Quote the entries in full, character for character, without their images.

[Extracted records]

+++

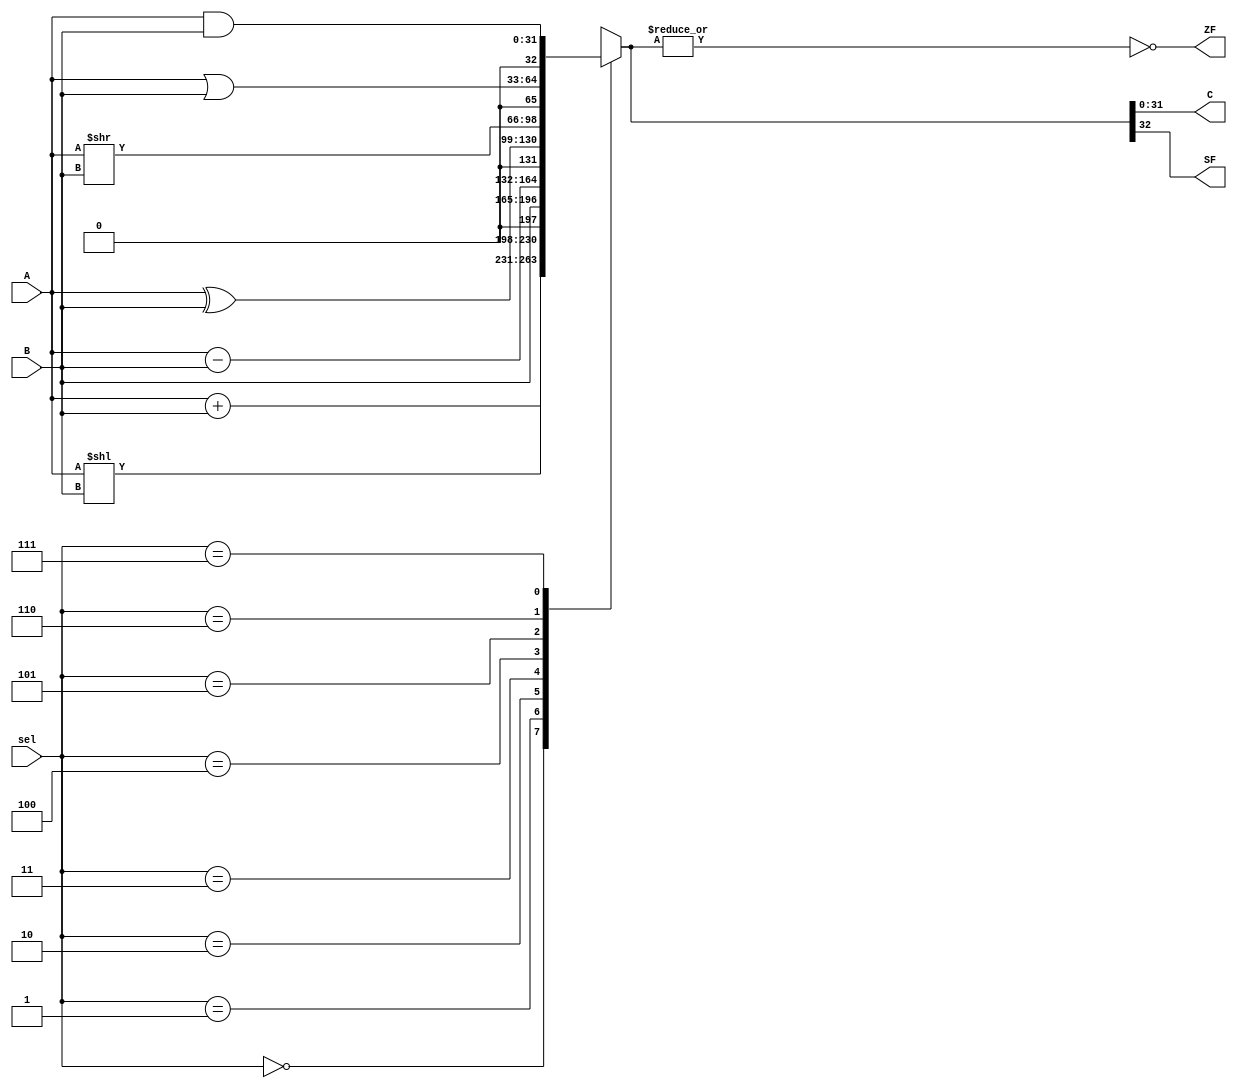
module ALU(
  input [31:0] A,B,
  input [2:0] sel,
  output [31:0] C,
  output ZF,SF
);
reg [32:0] R;
always@(*)
begin
  case(sel)
   3'b000 : R = A + B ;
   3'b001 : R = A<<B ;
   3'b010 : R = B ;
   3'b011 : R = A - B ;
   3'b100 : R = A ^ B ;
   3'b101 : R = A>>B ;
   3'b110 : R = A | B ;
   3'b111 : R = A & B ;
   default : R = 32'b0 ;
  endcase  
end
assign C = R[31:0] ;
assign ZF = ~(|R);
assign SF =  R[32];

endmodule

+++

Answer section:
module ALU(
  input [31:0] A,B,
  input [2:0] sel,
  output [31:0] C,
  output ZF,SF
);
reg [32:0] R;
always@(*)
begin
  case(sel)
   3'b000 : R = A + B ;
   3'b001 : R = A<<B ;
   3'b010 : R = B ;
   3'b011 : R = A - B ;
   3'b100 : R = A ^ B ;
   3'b101 : R = A>>B ;
   3'b110 : R = A | B ;
   3'b111 : R = A & B ;
   default : R = 32'b0 ;
  endcase  
end
assign C = R[31:0] ;
assign ZF = ~(|R);
assign SF =  R[32];

endmodule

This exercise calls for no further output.